Based on the syntax of each utterance, Azimuth computes syntactic Smart Tags (Extreme Length and Partial Syntax families). Additionally, the length mismatch plot in the Dataset Class Distribution Analysis compares the length of the utterances in the training set and the evaluation set.

How is it computed?

POS Tags

Part-of-speech (POS) tagging is a common technique to tag each word in a given text as belonging to a category according to its grammatical properties. Examples could be 'verb', or 'direct object'.

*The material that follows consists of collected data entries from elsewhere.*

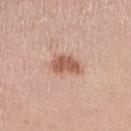No biopsy was performed on this lesion — it was imaged during a full skin examination and was not determined to be concerning. The lesion is on the right lower leg. The patient is a female aged around 65. This image is a 15 mm lesion crop taken from a total-body photograph.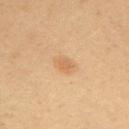On the arm. A female subject in their 40s. A 15 mm close-up tile from a total-body photography series done for melanoma screening.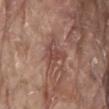No biopsy was performed on this lesion — it was imaged during a full skin examination and was not determined to be concerning.
On the lower back.
An algorithmic analysis of the crop reported a footprint of about 6.5 mm² and an eccentricity of roughly 0.65. The software also gave roughly 8 lightness units darker than nearby skin and a normalized lesion–skin contrast near 6. The software also gave a classifier nevus-likeness of about 0/100 and a lesion-detection confidence of about 90/100.
This image is a 15 mm lesion crop taken from a total-body photograph.
A male patient, about 80 years old.
Measured at roughly 3.5 mm in maximum diameter.
Imaged with white-light lighting.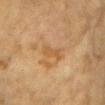This lesion was catalogued during total-body skin photography and was not selected for biopsy.
Longest diameter approximately 3 mm.
The subject is a female aged around 60.
The lesion is located on the chest.
Automated image analysis of the tile measured a lesion area of about 3.5 mm². It also reported a lesion color around L≈52 a*≈18 b*≈38 in CIELAB, about 6 CIELAB-L* units darker than the surrounding skin, and a lesion-to-skin contrast of about 5.5 (normalized; higher = more distinct).
This is a cross-polarized tile.
A 15 mm close-up tile from a total-body photography series done for melanoma screening.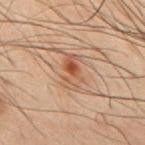Findings:
* image — ~15 mm tile from a whole-body skin photo
* subject — male, aged around 50
* site — the upper back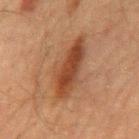Part of a total-body skin-imaging series; this lesion was reviewed on a skin check and was not flagged for biopsy. Cropped from a total-body skin-imaging series; the visible field is about 15 mm. Captured under cross-polarized illumination. The total-body-photography lesion software estimated a lesion area of about 17 mm² and a shape-asymmetry score of about 0.3 (0 = symmetric). The software also gave internal color variation of about 5 on a 0–10 scale and a peripheral color-asymmetry measure near 1.5. The analysis additionally found a classifier nevus-likeness of about 70/100 and a detector confidence of about 100 out of 100 that the crop contains a lesion. Located on the mid back. The subject is a male about 60 years old. Longest diameter approximately 7.5 mm.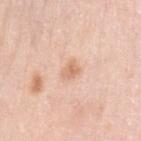Impression:
Imaged during a routine full-body skin examination; the lesion was not biopsied and no histopathology is available.
Context:
The recorded lesion diameter is about 2.5 mm. Captured under white-light illumination. A female subject in their mid-60s. The lesion is on the left upper arm. A 15 mm crop from a total-body photograph taken for skin-cancer surveillance.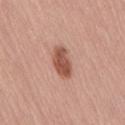Findings:
• workup — imaged on a skin check; not biopsied
• patient — female, about 45 years old
• size — about 4 mm
• image — ~15 mm crop, total-body skin-cancer survey
• anatomic site — the lower back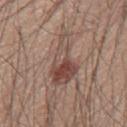| feature | finding |
|---|---|
| follow-up | catalogued during a skin exam; not biopsied |
| patient | male, about 60 years old |
| site | the mid back |
| acquisition | total-body-photography crop, ~15 mm field of view |
| size | about 7.5 mm |
| tile lighting | white-light |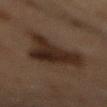workup: catalogued during a skin exam; not biopsied | anatomic site: the mid back | subject: male, aged around 85 or older | imaging modality: 15 mm crop, total-body photography.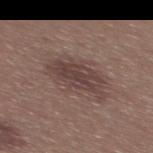notes: catalogued during a skin exam; not biopsied | subject: female, aged 23–27 | image source: ~15 mm tile from a whole-body skin photo | location: the upper back.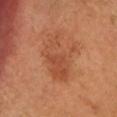Background: A female patient, aged 63 to 67. A lesion tile, about 15 mm wide, cut from a 3D total-body photograph. The lesion is on the head or neck.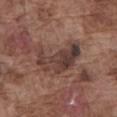Clinical impression: Imaged during a routine full-body skin examination; the lesion was not biopsied and no histopathology is available. Context: About 6 mm across. Automated image analysis of the tile measured a footprint of about 17 mm² and an outline eccentricity of about 0.8 (0 = round, 1 = elongated). It also reported a nevus-likeness score of about 0/100. Captured under white-light illumination. A male patient about 75 years old. The lesion is located on the abdomen. A roughly 15 mm field-of-view crop from a total-body skin photograph.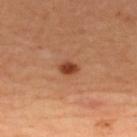The total-body-photography lesion software estimated a border-irregularity index near 1.5/10. The lesion is on the upper back. The tile uses cross-polarized illumination. A close-up tile cropped from a whole-body skin photograph, about 15 mm across. The lesion's longest dimension is about 2.5 mm. The subject is a female aged around 45.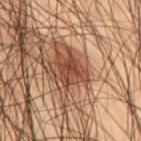Clinical impression:
No biopsy was performed on this lesion — it was imaged during a full skin examination and was not determined to be concerning.
Context:
A male subject aged 48–52. This image is a 15 mm lesion crop taken from a total-body photograph. The lesion-visualizer software estimated peripheral color asymmetry of about 1.5. The lesion is located on the lower back.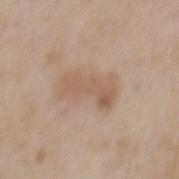The lesion was tiled from a total-body skin photograph and was not biopsied.
The recorded lesion diameter is about 5 mm.
A male patient, in their 50s.
On the mid back.
A 15 mm close-up extracted from a 3D total-body photography capture.
Captured under white-light illumination.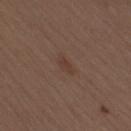The lesion was tiled from a total-body skin photograph and was not biopsied.
A female patient, approximately 40 years of age.
This is a white-light tile.
Located on the leg.
The recorded lesion diameter is about 2.5 mm.
This image is a 15 mm lesion crop taken from a total-body photograph.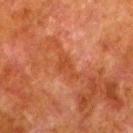The lesion was photographed on a routine skin check and not biopsied; there is no pathology result.
A region of skin cropped from a whole-body photographic capture, roughly 15 mm wide.
The lesion is located on the left lower leg.
This is a cross-polarized tile.
Approximately 3 mm at its widest.
A male subject aged approximately 80.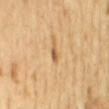notes=no biopsy performed (imaged during a skin exam)
subject=female, in their mid-50s
body site=the mid back
diameter=~2 mm (longest diameter)
illumination=cross-polarized illumination
acquisition=total-body-photography crop, ~15 mm field of view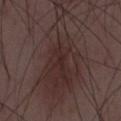- workup: total-body-photography surveillance lesion; no biopsy
- image: ~15 mm crop, total-body skin-cancer survey
- subject: male, aged 48–52
- automated lesion analysis: an average lesion color of about L≈29 a*≈15 b*≈16 (CIELAB) and a normalized lesion–skin contrast near 6.5; a border-irregularity rating of about 7/10 and a color-variation rating of about 4/10; an automated nevus-likeness rating near 75 out of 100 and a detector confidence of about 100 out of 100 that the crop contains a lesion
- lesion diameter: ≈13.5 mm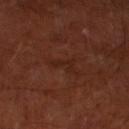Findings:
- follow-up · imaged on a skin check; not biopsied
- body site · the leg
- subject · male, aged around 65
- imaging modality · 15 mm crop, total-body photography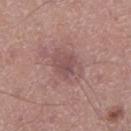The lesion was photographed on a routine skin check and not biopsied; there is no pathology result. Cropped from a whole-body photographic skin survey; the tile spans about 15 mm. The patient is a male aged 53–57. On the right lower leg.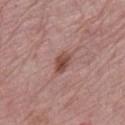<lesion>
  <biopsy_status>not biopsied; imaged during a skin examination</biopsy_status>
  <patient>
    <sex>female</sex>
    <age_approx>65</age_approx>
  </patient>
  <site>leg</site>
  <lighting>white-light</lighting>
  <lesion_size>
    <long_diameter_mm_approx>3.0</long_diameter_mm_approx>
  </lesion_size>
  <image>
    <source>total-body photography crop</source>
    <field_of_view_mm>15</field_of_view_mm>
  </image>
</lesion>

Azimuth uses spaCy, an open-source library, to perform part-of-speech (POS) and dependency tagging on each token of an utterance. It is set up for all languages supported by Azimuth. Azimuth then computes the smart tags missing_subj, missing_verb, and missing_obj based on the presence of certain tags. Subjects and objects are identified by dependency tags that are language-dependent and specified in the Syntax Analysis Config, whereas verbs are identified by POS tags that are consistent across languages (shown below). The smart tag multiple_sentences is based on a spaCy sentencizer:

import spacy
from spacy.lang.en import English

# Part of Speech
verb_tags = ["VERB", "AUX"]

# Sentencizer; English() should work for other languages that have similar sentence conventions.
spacy_pipeline = English()
spacy_pipeline.add_pipe("sentencizer")

Token Count

To compute the number of tokens per utterance, the following tokenizer is used:

from transformers import AutoTokenizer

tokenizer = AutoTokenizer.from_pretrained("bert-base-uncased")

Based on the token count, the long_sentence and short_sentence smart tags are computed.

Configuration

Syntax Analysis Config explains how to edit the thresholds to determine what is considered a short or long sentence, the tags used to detect subjects and objects, and the spaCy model used to parse utterances.